Question

我正在尝试运行python脚本，以使用ID和列标题进行交叉引用从输入的.csv文件中获取数据并将其打印到输出的.csv文件中。

它们是非常大的文件，因此我包含了多处理功能，第一步是将输出文件分成多个部分，以便可以并行处理它们。

我尝试在计算机A上执行此操作，并且将输出文件拆分的磁盘速度为0 mb / s（或非常缓慢的滴流），并且程序从未执行。同时，在计算机B上，程序可以正确运行，并且磁盘速度以〜40mb / s的速度将输出文件分成多个部分。

这是相同的文件和相同的代码，为什么计算机A无法正确响应？是操作系统错误吗？我是否在计算机A上缺少驱动程序？
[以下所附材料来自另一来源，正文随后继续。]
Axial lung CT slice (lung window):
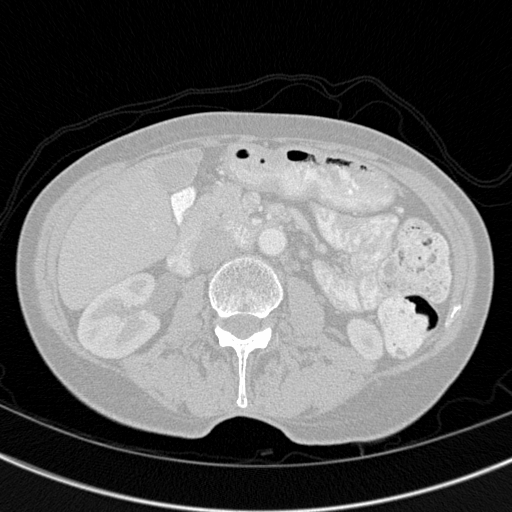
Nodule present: no
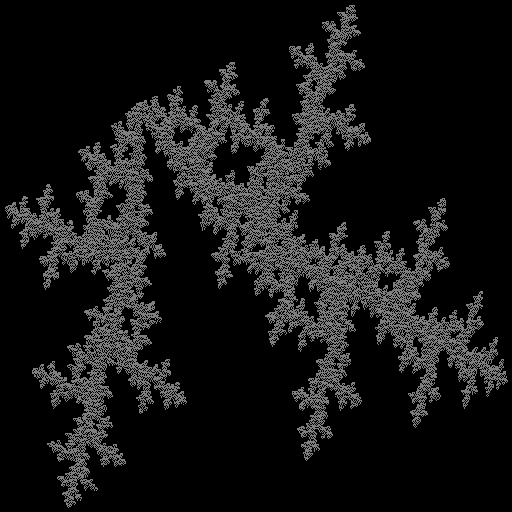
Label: a3
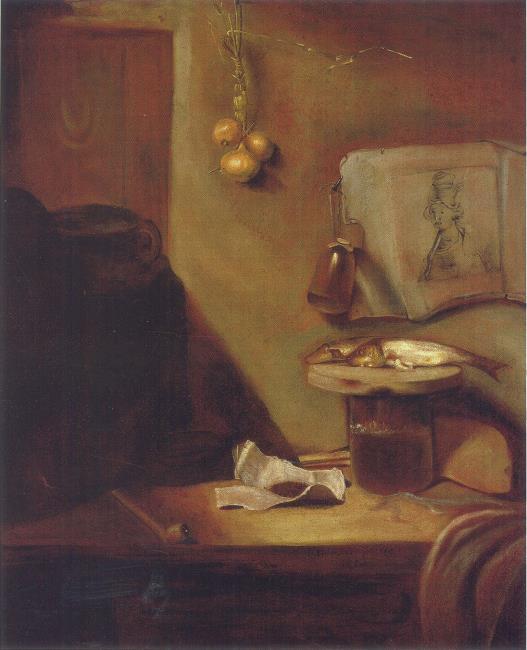
Title: Still life with beer, herring, a pipe and tabacco
Artist: pasticcio after Christopher Paudiss Bron: (1983) first described as a pastiche with imitated signature by Sumowski
Earliest date: 1660
Latest date: 1660
Genre: painting
Iconography: Still Life
Keywords: still life, onion, pinned-up print (depicted), beer, pipe, tobacco, herring, cheese
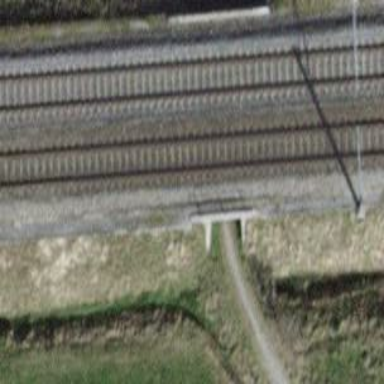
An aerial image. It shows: Railway bridge with electrified tracks and single rail.
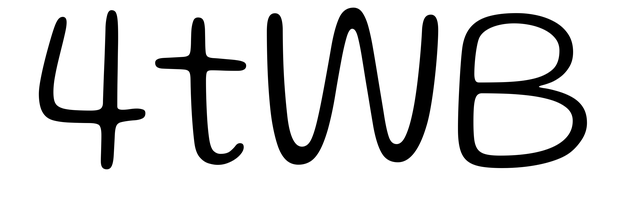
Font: Gluten_ExtraLight
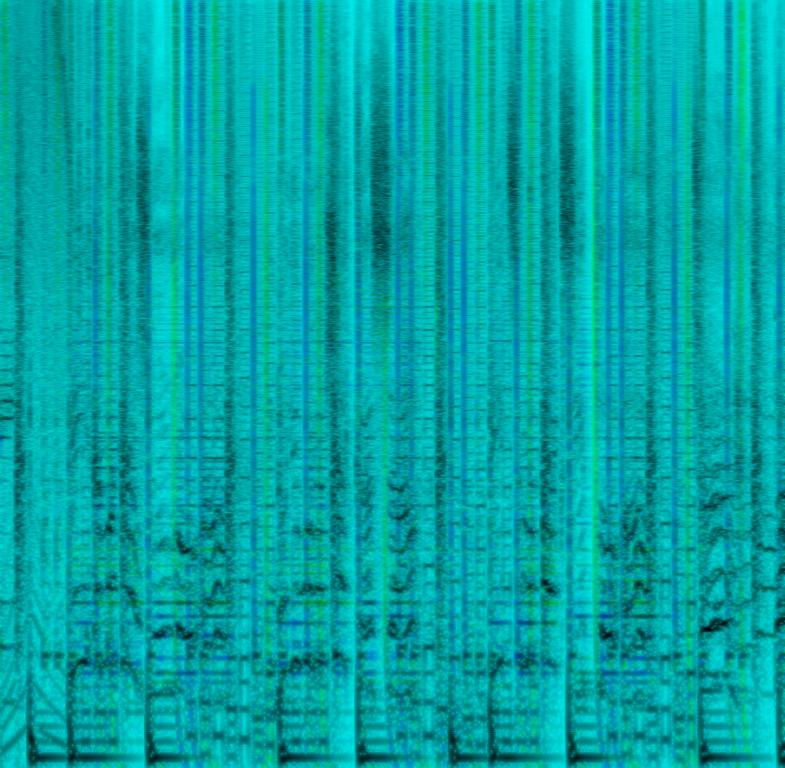
The low quality recording features a pop song that consists of a passionate male vocal, alongside background male vocals, singing over punchy 808 bass, claps, shimmering hi hats, wide tinny percussion, repetitive synth lead melody and groovy synth keys melody. It sounds groovy, addictive and exciting - like something you would hear in a club.
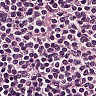
Metastatic tissue present: no
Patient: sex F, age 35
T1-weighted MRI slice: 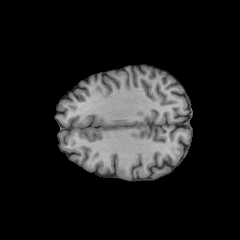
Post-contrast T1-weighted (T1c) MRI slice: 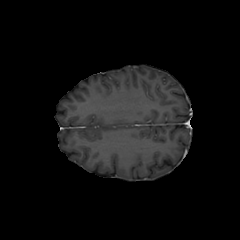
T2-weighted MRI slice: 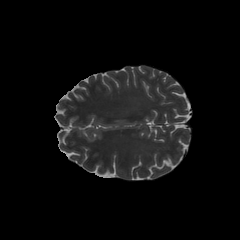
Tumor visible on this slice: no
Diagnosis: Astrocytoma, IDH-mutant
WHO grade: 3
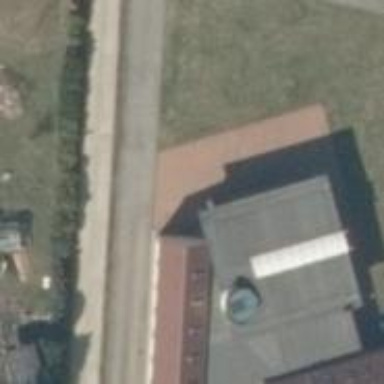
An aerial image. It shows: Beautiful church building.
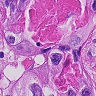
Metastatic tissue present: yes
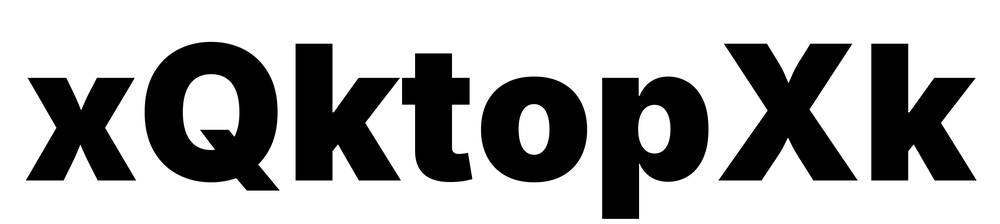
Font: Inter_Black
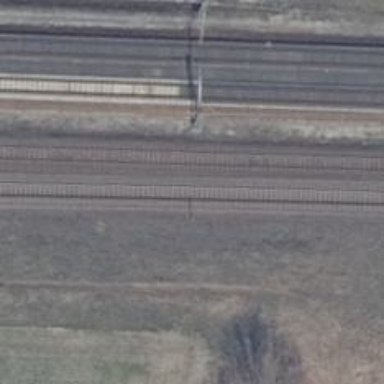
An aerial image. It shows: Railway milestone.
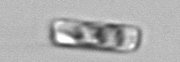
Label: Guinardia_delicatula
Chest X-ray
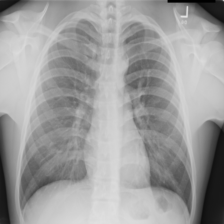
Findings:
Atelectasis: negative
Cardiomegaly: negative
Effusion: negative
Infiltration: negative
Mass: negative
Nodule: negative
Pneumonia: negative
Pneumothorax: negative
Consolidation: negative
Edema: negative
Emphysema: negative
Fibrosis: negative
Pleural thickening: negative
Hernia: negative
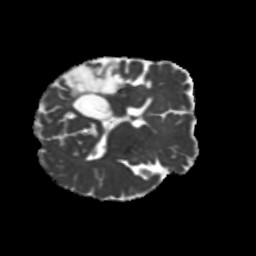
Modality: MD
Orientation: axial
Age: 62
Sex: female
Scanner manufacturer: siemens
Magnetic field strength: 3 T
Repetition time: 5.25 s
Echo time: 0.08 s
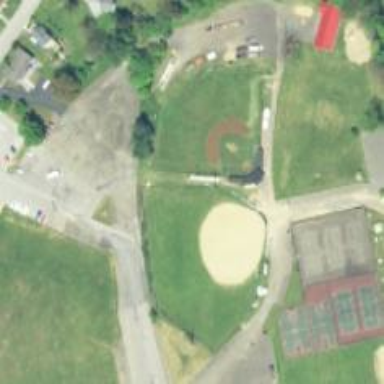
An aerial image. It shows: Baseball pitch for leisure land activities.
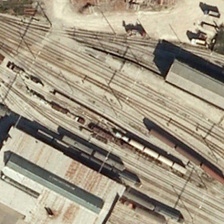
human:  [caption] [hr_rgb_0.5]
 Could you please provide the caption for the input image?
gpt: several buildings are near a railway station .

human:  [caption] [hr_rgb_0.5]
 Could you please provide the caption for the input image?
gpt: several buildings are near a railway station .

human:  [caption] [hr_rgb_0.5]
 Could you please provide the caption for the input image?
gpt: several buildings are near a railway station .

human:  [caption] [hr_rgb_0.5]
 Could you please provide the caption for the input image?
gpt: several buildings are near a railway station .

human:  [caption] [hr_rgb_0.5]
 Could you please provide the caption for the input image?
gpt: several buildings are near a railway station .
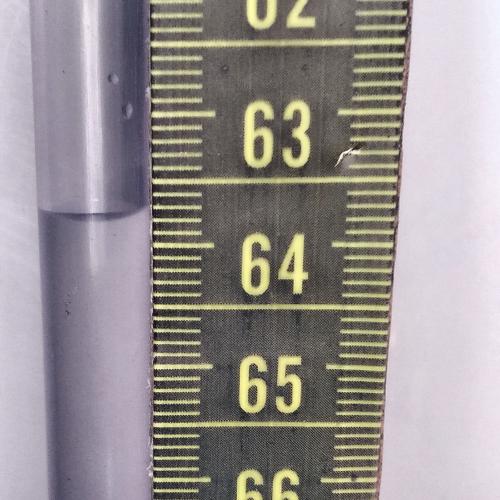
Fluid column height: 63.7 cm
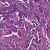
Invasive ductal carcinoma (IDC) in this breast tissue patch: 1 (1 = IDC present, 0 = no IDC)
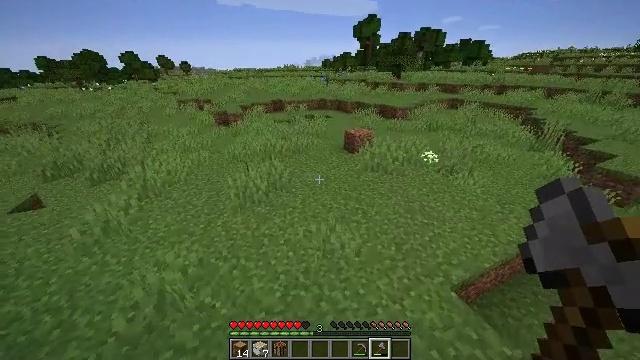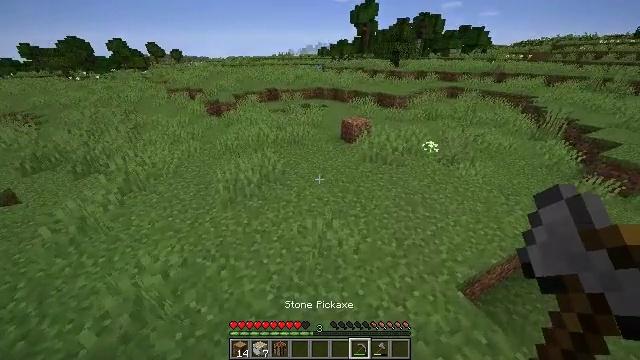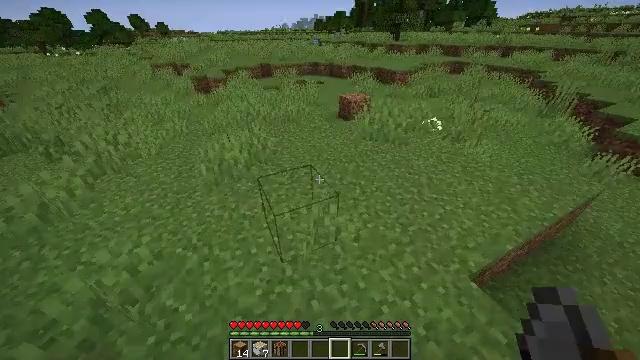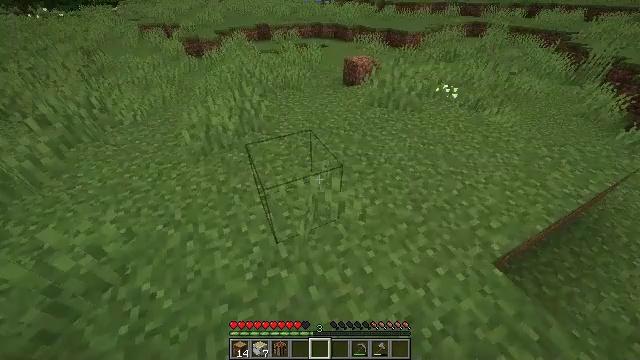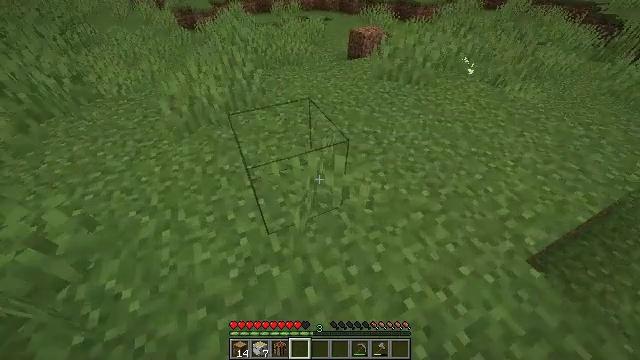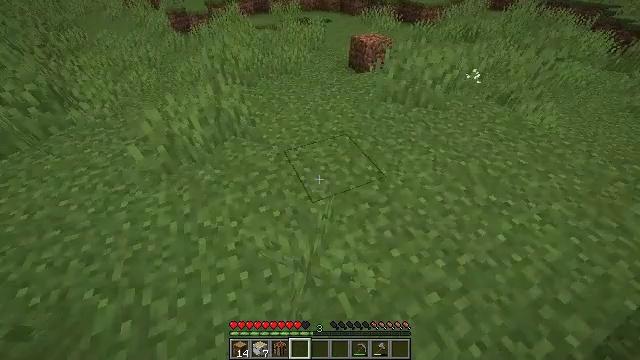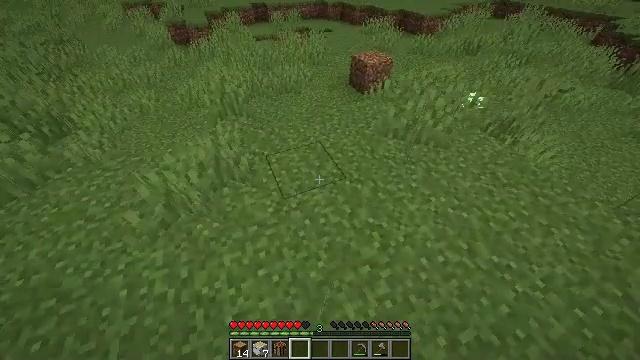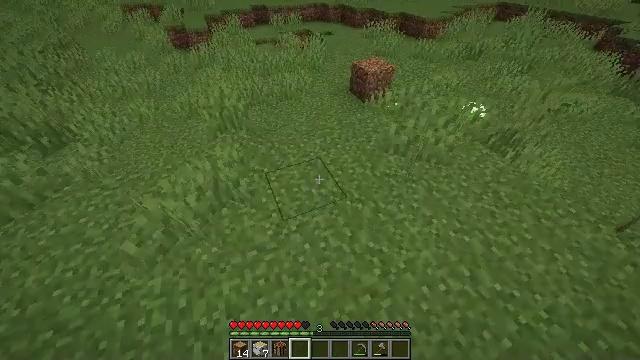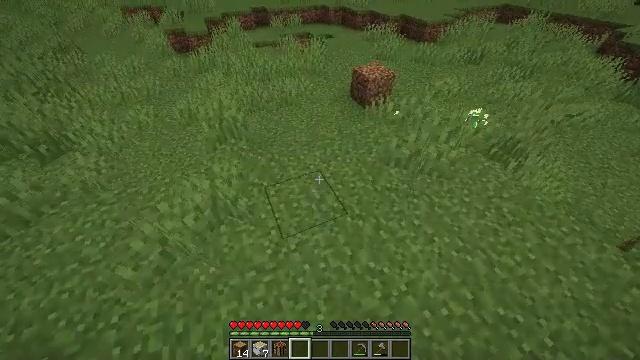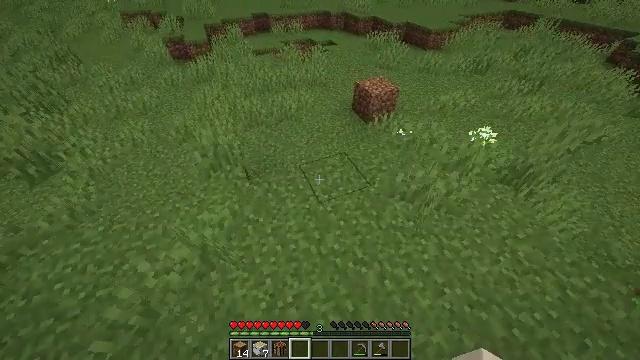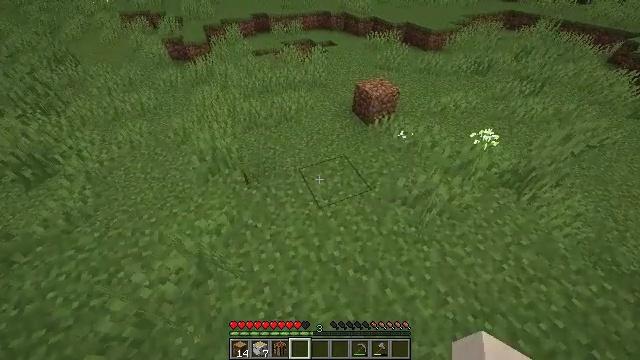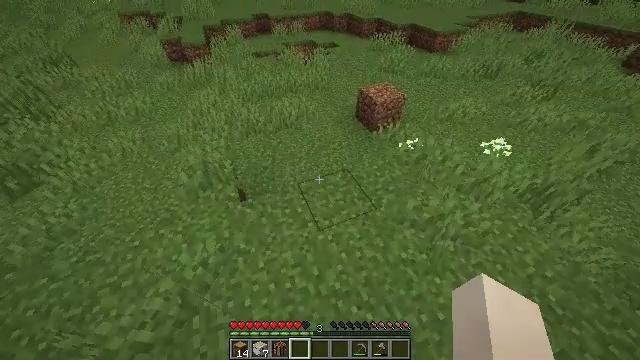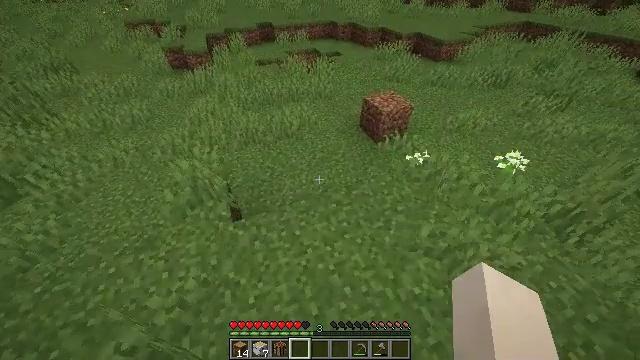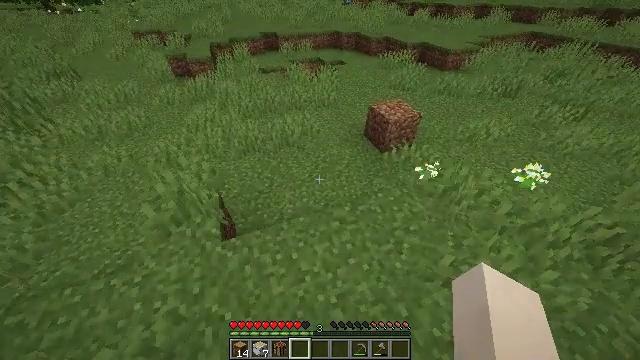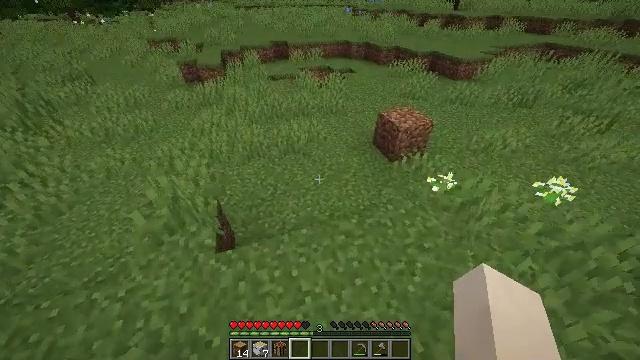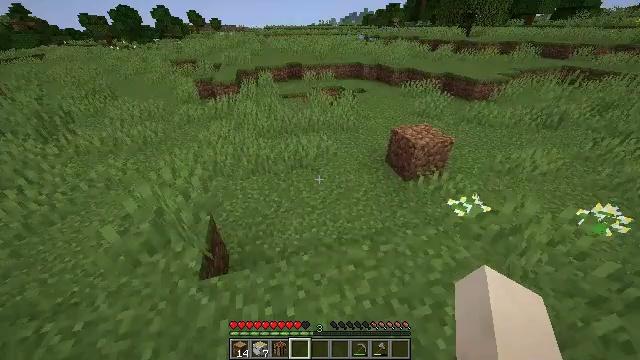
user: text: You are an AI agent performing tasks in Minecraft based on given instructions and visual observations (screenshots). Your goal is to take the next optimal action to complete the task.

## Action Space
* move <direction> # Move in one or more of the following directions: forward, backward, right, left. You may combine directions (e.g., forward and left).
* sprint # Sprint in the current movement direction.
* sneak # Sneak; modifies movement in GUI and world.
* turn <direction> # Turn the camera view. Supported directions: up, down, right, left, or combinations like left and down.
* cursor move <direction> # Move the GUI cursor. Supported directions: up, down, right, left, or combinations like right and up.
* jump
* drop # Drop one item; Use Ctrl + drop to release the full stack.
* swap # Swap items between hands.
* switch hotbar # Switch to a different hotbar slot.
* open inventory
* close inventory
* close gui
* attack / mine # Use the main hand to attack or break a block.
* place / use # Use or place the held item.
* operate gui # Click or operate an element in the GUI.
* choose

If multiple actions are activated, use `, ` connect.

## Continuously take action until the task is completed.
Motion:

还有吗？

输入和输出文件位于WD 4TB外部硬盘上。

计算机A规格：Windows 10 Pro 64位，Intel i9 7920X 12核，8 x 8GB Geil Evo Potenza RAM，三星850 Evo 500GB本地SSD，WD 4TB外部硬盘，华擎X299 Killer主板

Copmuter B规格：Windows 10 Pro 64位， Intel i7 6700K 4核，2个16GB Geil Evo Forza RAM，PNY CS1311 240GB SSD，WD 4TB外部硬盘，MSI B250M Gaming Pro主板

# std lib imports
import csv
import multiprocessing
import os 
import os.path
import shutil
import sqlite3
import sys
import tempfile
import timeit

# third party imports

# our imports

buffer_size = 8192000  # 8.192 MB, 10x the default (io.DEFAULT_BUFFER_SiZE)
# working_dir = tempfile.gettempdir()
working_dir = "E:\\temp_files"

def return_csv_header(filename):
    """
    Returns the first column of the csv file filename
    as a list.
    """
    with open(filename, "r", newline="", encoding="utf-8") as csvfile:
        reader = csv.reader(csvfile)
        return next(reader)

def return_input_mapping(input_file, identifier):
    """
    Returns a {identifier:record} dictionary where
        identifier is the value of the identifier column
         for each row in the input file.
        record is a dictionary of {column:value}
         representing a row in a csv file.
    """
    to_ret = dict()
    with open(input_file, "r", newline="", encoding="utf-8") as csvfile:
        reader = csv.DictReader(csvfile)
        for row in reader:
            key = row[identifier]
            to_ret[key] = row

    return to_ret

def return_csv_contents(input_file):
    """
    Returns a list of lists representing the rows
    in a csv file.
    """
    to_ret = list()
    with open(input_file, "r", newline="", encoding="utf-8") as csvfile:
        reader = csv.reader(csvfile)
        for row in reader:
            to_ret.append(row)

    return to_ret

def create_db_and_table(csv_contents, identifier):
    """
    Creates a sqlite3 database and table.
    Creates the identifier table column along with more
    table columns named from col0 to colN. We do this because
    the csv column headers can be all sorts of weird stuff. And
    we only really care about the order of the columns, and the
    identifier so we can set it as the primary key.
    No rows are added.
    Returns the database path and table name as a tuple.
    """
    # assert that the identifier is in the csv_contents header
    header = csv_contents[0]
    assert(identifier in header)

    db_path = os.path.join(working_dir, "csv_input.sqlite")
    tablename = "data"

    # delete the database if it already exists
    if os.path.exists(db_path):
        os.remove(db_path)

    # create the database, table, and columns
    with sqlite3.connect(db_path) as conn:
        cursor = conn.cursor()

        # prepare the table's columns - it will look like this
        # (col1 text, col2 text, col3 text primary key, ...) 
        name = "col"
        counter = 0
        column_names = "("
        for column in header:
            if column == identifier:
                column_names += "%s text primary key," % identifier
            else:
                column_names += "%s text," % (name + str(counter))

            counter += 1

        # remove the last comma and space
        if column_names.endswith(","):
            column_names = column_names[0:-1]
        column_names += ")"

        # prepare the sql statement
        sql = "CREATE TABLE %s %s" % (tablename, column_names)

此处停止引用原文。